Иван молчал минуту, курил. Потом, чуть кривясь, он сказал:
— Это я получше вас знаю… Своих-то я изучил.
И я не защищаю. Чего тут защищать-то? Они не нуждаются. Они сами на кого хочешь нападут. Вы, может быть, эту среду презираете, а я лично её ненавижу. Только не в том дело. Среда — это и есть ереда, а каждый человек в отдельности — это совсем другое дело. И если уж у него отнимают последний шансик, если на него смотрят вот так, с прищуром, как на бешеную собаку, то ему только и остается гавкать да кусаться побольнее. Вот об этом и речь…
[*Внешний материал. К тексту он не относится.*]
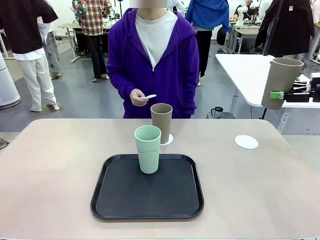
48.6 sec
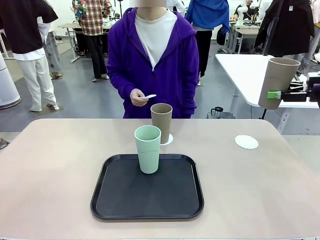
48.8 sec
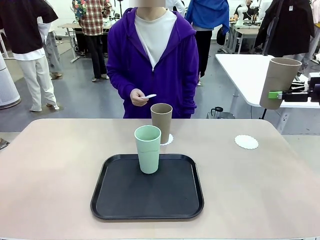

Ивану ещё многое хотелось сказать ей, но совсем о другом. Как и многие из его дружков, он мог пофилософствовать, но не умел и не привык говорить о себе. О том, что именно он чувствует. О том, что он именно ждет и хочет. О том, наконец, что вся его жизнь — такая странная и дикая для других и такая долгая для него, такая обыкновенно-неудачная, привычно-надоевшая, как зубная боль, ослабленная пирамидоном, — что вся эта жизнь с некоторых пор потеряла для него смысл, и если он тащит и тянет ещё себя по земле, то лишь в надежде… На что? Если бы он знал. На то, что вдруг, однажды, когда-нибудь…
И ещё потому он до сегодняшнего дня волочется по земле, что сейчас, в марте, в одна тысяча девятьсот пятьдесят восьмом году, ему ещё нет двадцати пяти лет, а значит, если дожать срок «до звонка», то всё-таки, может, ещё что-нибудь да останется на жизнь.
Учительница задумалась, молчит, что-то обдумывая.
Пушистая рыжая гривка её волос кажется теплой, и Лаврухину хочется потрогать её. Только Иван не враг сам себе. Теперь на своем богатом опыте он хорошо знает, где кончается «можно» и начинается «нельзя». Скрытая дрожь буквально бьет его и так и тянет сделать что-нибудь непоправимо глупое, роковое.
Учительница сидит за столиком, он на первой парте.
Иван встает из-за парты, подходит к учительнице, облокачивается на столик.
— Папиросы все кончились, — говорит Иван. — У вас подымить не найдется?
— Найдется, — говорит она, суетливо, с готовностью роется в сумочке, достает пачку «Столичных».
Оба они курят, Иван — с жадностью, она — спокойно и женственно, мелкими глоточками, как и полагается молодой учительнице русского языка и литературы.
В этот момент и появляется в дверях физиономия дневального.
— Лаврухин, рви когти в барак. Петушок пропел давно!
Иван шёл по зоне к своему бараку, по зоне общего режима, на первый взгляд похожей на больничный двор. Низкие кустики в низких же карликовых оградах, крашенных в медицинский белый цвет, чистота со слабым запахом хлорки, как бы скрывающая болезнь, заразу, микробы. И только одна земля была не больничная и не тюремная, а весенняя, мягко прогибающаяся под ногами. Да и запах сквозь хлорку и известь был особый, животно волнующий, острый и входил в легкие и в душу, будто светлое, приятно хмелящее нездешнее вино.
И ещё стояла перед глазами эта учительница, такая строгая и высокообразованная, совершенно недоступная, но такая ещё секунду назад близкая, с задушевным низким голосом, с быстрыми, маленькими, должно быть, мягкими руками, которые вдруг, на мгновение могли бы покорно, ласково замереть в его руках, и тогда вся эта обманная разница в положениях полетела бы черт те куда, и остались бы на земле не вольнонаемная учительница Галина Дмитриевна и не Иван Лаврухин, осужденный по статье такой-то, а лишь Иван да Гала, Гала да Иван.